Efficient way of reading from a RWTexture2D in Compute Shader

I’m trying to find an efficient way of reading a RWTexture2D from the GPU to the CPU. I have a relatively small 1024x1024 Render Texture which is assigned to the compute shader.

On the CPU side when I attempt to read it back with ReadPixels it is really slow.

Texture2D destTex = new Texture2D(widthInt, heightInt, TextureFormat.ARGB32, false, true);

RenderTexture.active = rTex
// Really slow 0.5 seconds
destTex.ReadPixels(new Rect(0, 0, widthInt, heightInt), 0, 0);

// process results
Color[] pixels = destTex.GetPixels(0);

// do other stuff here

How can I efficiently read the Texture back from the GPU?

Make a direct request for the relevant data instead of copying it into the CPU side of a RT. You can use an async method that waits for the request to finish and then does something with the result once ready instead of stalling the main thread until the request is done.

I did see this though this code is inline with a whole bunch of dependencies and my code has to run multiple times in a loop. I have no problem with stalling the main thread (it is not rendering in real-time so frame rate is not applicable).

Are there any sample of how this method can be used inside say a for loop?

Actually it looks like AsyncGPUReadback is slower than buffer.GetData(…) which I’m currently using. I had hoped using a RenderTexture might be faster, but that seems to suffer from an equally slow ReadPixels method.

Yeah if your texture is fairly large the ReadPixels is going to be a little slow, that’s one of the unfortunate downsides about transferring data from the GPU to CPU, it’s one of the slowest things to do.

You can speed up your code a bit after the copy though, instead of using GetPixels() you can use the newer tex.GetRawTextureData<Color32>(); which will give you direct access to the texture array data to iterate over.

In fact, as long as you don’t regenerate your Texture2D object, this collection reference will continue to point to the current CPU side texture data.
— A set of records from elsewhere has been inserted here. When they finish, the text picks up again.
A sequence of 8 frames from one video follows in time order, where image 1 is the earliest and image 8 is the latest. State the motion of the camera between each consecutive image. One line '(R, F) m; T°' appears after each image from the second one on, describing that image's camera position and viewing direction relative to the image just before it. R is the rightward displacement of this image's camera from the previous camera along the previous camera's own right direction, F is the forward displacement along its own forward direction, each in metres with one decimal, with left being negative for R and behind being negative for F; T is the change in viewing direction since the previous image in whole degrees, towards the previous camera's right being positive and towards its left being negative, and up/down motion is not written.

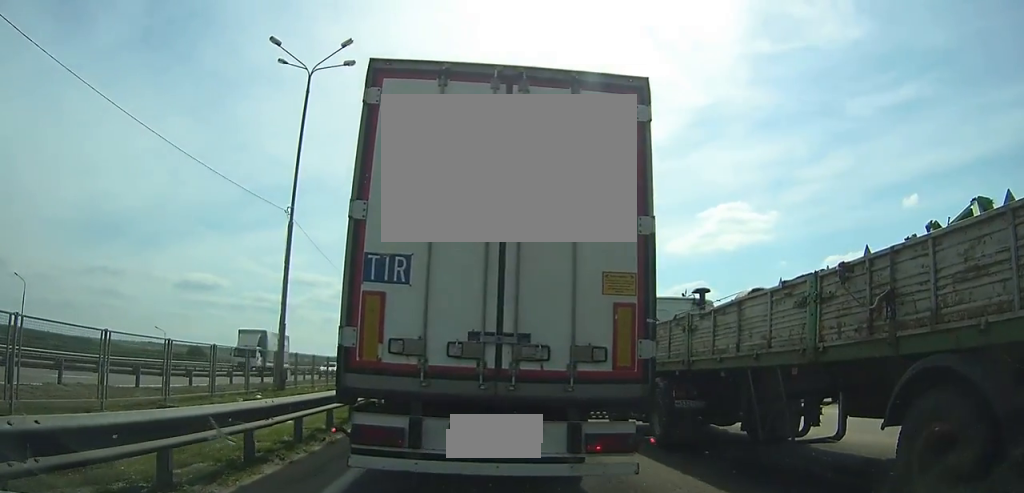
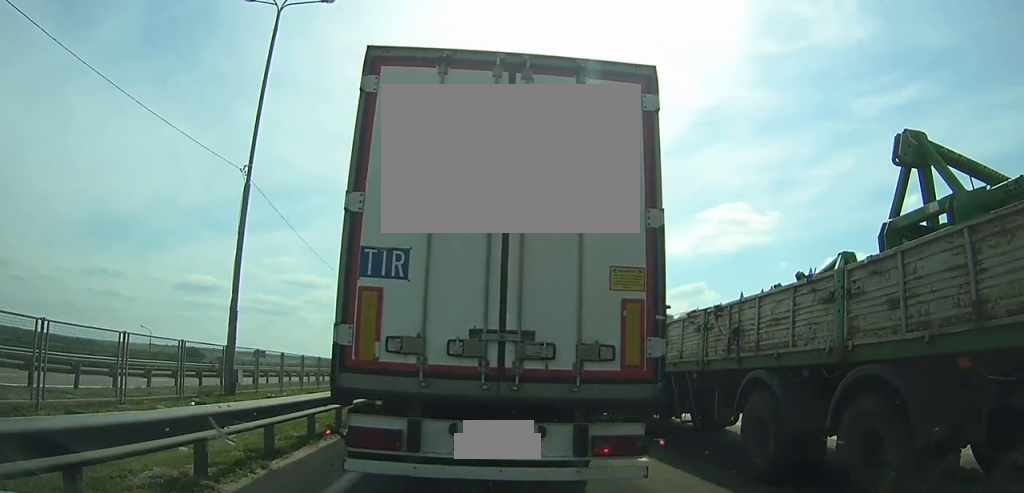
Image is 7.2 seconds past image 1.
(+0.3, +5.3) m; +2°
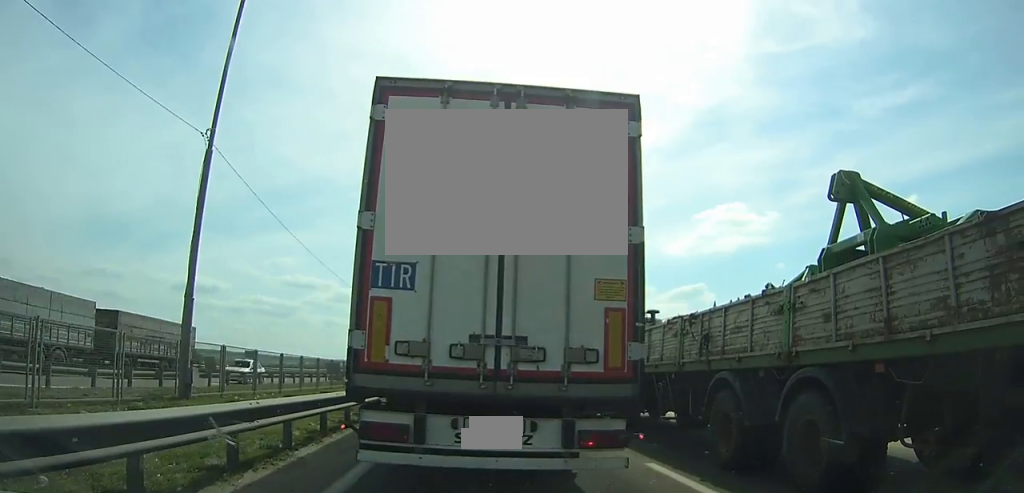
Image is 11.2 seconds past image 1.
(-0.2, +3.4) m; 0°
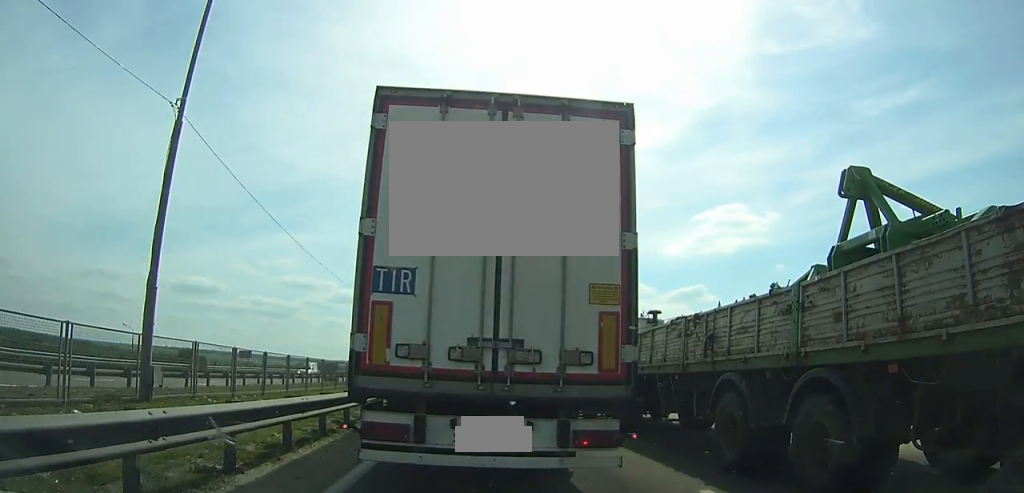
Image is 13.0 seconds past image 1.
(0.0, +1.8) m; +2°
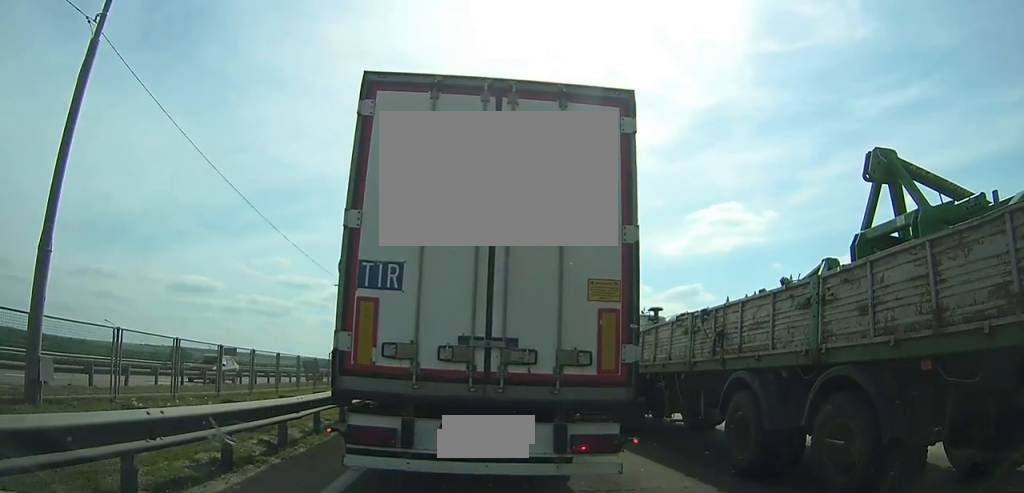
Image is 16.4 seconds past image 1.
(0.0, +4.1) m; -2°
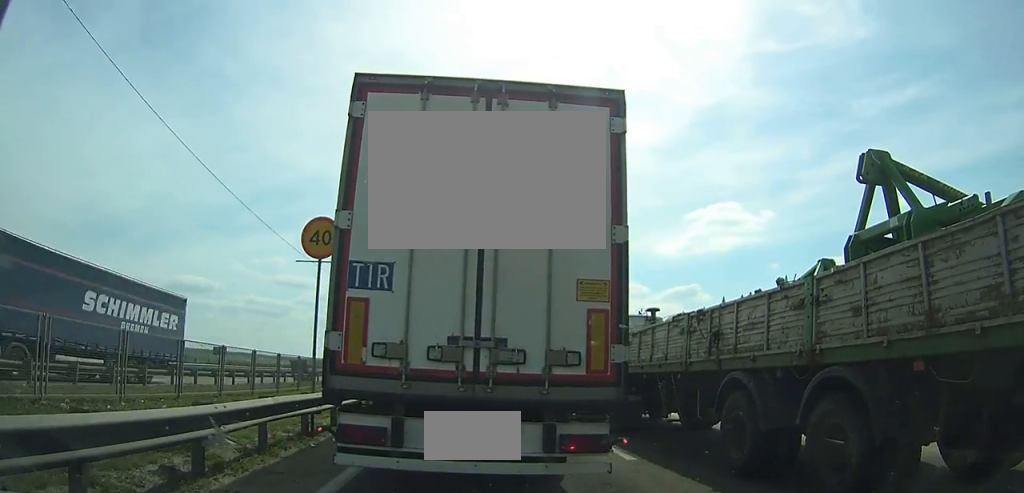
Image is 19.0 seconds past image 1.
(-0.1, +3.1) m; -2°
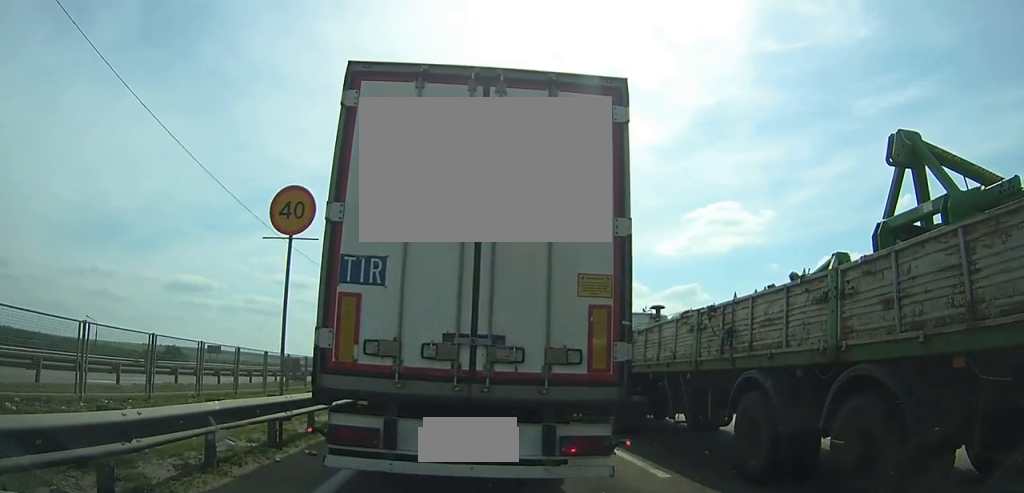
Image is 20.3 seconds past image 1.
(0.0, +1.4) m; 0°
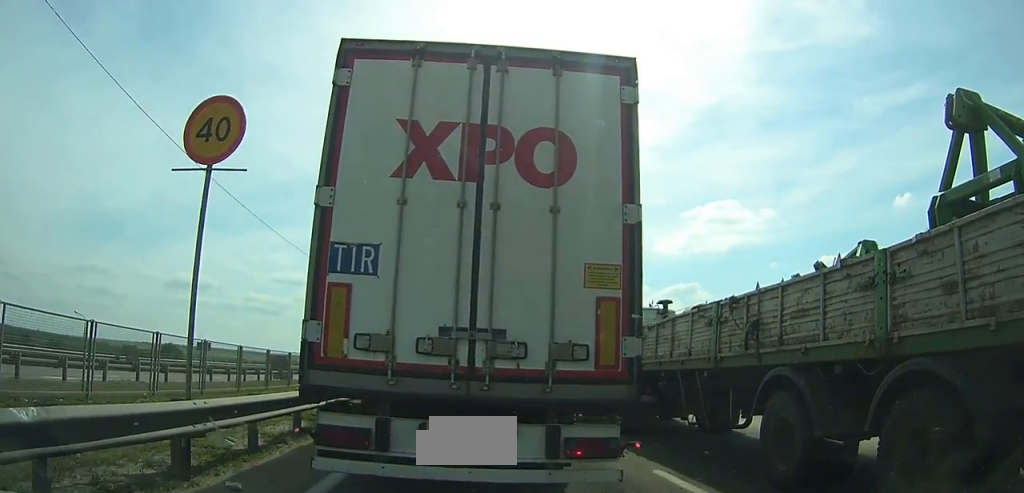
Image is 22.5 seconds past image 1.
(0.0, +2.2) m; +2°

So you can set up this reference on startup, just do your ReadPixels and now you just iterate over that already assigned collection.

private static NativeArray<Color32> CopyRT(RenderTexture rt, ref Texture2D toTexture)
{
    if(toTexture == null) { toTexture = new Texture2D(rt.width, rt.height); }
    else if(toTexture.width != rt.width || toTexture.height != rt.height) { toTexture.Resize(rt.width, rt.height); }
    //currently assuming you've already set rt as the active
    toTexture.ReadPixels(new Rect(0,0, rt.width, rt.height), 0, 0);

    return toTexture.GetRawTextureData<Color32>();
}

private static void Example(NativeArray<Color32> nativeTex)
{
    foreach(var col in nativeTex)
    {
        Debug.Log(col);
    }
}

But a question would be, do you even need this to be on CPU side? You can use Graphics.CopyTexture() to copy data between RTs on the GPU side very quickly instead of bringing it to the CPU side.

Yeah, I’m updating terrain detail data. The slowest bit is a very lengthy 0.5 seconds to copy either a buffer or a RT back to the CPU. Would be nice if we could just get Unity to push it to the terrain detail data on the GPU. The GetRawTextureData for NativeArrays could be useful in the future.

What about the terrainData.CopyActiveRenderTextureToTexture and Heightmap methods?
Or getting the references to the Textures for the terrain data you want to overwrite and using Graphics.CopyTexture?

So yes, they are available for splatmaps and heightmaps but not details (grass).

Is it the texture of the grass objects themselves you want to modify? Or the layout of the grass?

The grass patches. I’ve had working compute shaders for ages but the biggest bottleneck is now really just reading back the data from the compute shader to the CPU and then updating the terrain detail layers. Copying the data from the GPU is very slow - and I wonder why.

Happy to take say a 50ms or even 100ms hit per 1K texture but 500ms seems weird.